Task >> The word "como" occurs in some of the lines below; copy each of those lines.

Source material section start

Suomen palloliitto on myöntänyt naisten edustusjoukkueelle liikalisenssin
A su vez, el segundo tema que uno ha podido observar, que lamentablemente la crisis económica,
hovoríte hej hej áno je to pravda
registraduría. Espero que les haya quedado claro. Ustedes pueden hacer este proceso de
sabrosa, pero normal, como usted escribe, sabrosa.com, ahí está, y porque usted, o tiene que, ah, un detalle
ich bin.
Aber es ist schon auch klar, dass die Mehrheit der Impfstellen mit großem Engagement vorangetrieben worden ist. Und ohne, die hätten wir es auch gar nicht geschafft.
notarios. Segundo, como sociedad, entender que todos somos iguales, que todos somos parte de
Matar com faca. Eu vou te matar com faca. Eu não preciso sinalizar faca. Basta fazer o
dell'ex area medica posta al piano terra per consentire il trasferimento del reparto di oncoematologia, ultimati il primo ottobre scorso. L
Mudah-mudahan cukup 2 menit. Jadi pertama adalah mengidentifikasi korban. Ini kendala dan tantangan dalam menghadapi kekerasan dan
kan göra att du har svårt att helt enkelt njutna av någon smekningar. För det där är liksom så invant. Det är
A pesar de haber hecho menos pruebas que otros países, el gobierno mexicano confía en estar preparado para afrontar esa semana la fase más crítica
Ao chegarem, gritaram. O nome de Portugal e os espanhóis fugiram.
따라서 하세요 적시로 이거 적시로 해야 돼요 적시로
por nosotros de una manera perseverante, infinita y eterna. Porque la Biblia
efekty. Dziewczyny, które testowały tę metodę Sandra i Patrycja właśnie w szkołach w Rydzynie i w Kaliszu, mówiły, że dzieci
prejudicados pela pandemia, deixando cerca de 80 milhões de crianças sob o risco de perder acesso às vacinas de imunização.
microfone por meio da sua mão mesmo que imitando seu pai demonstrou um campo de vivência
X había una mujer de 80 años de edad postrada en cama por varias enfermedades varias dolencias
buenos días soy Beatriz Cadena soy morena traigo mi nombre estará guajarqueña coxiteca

Source material section end

Task solution >>
sabrosa, pero normal, como usted escribe, sabrosa.com, ahí está, y porque usted, o tiene que, ah, un detalle
notarios. Segundo, como sociedad, entender que todos somos iguales, que todos somos parte de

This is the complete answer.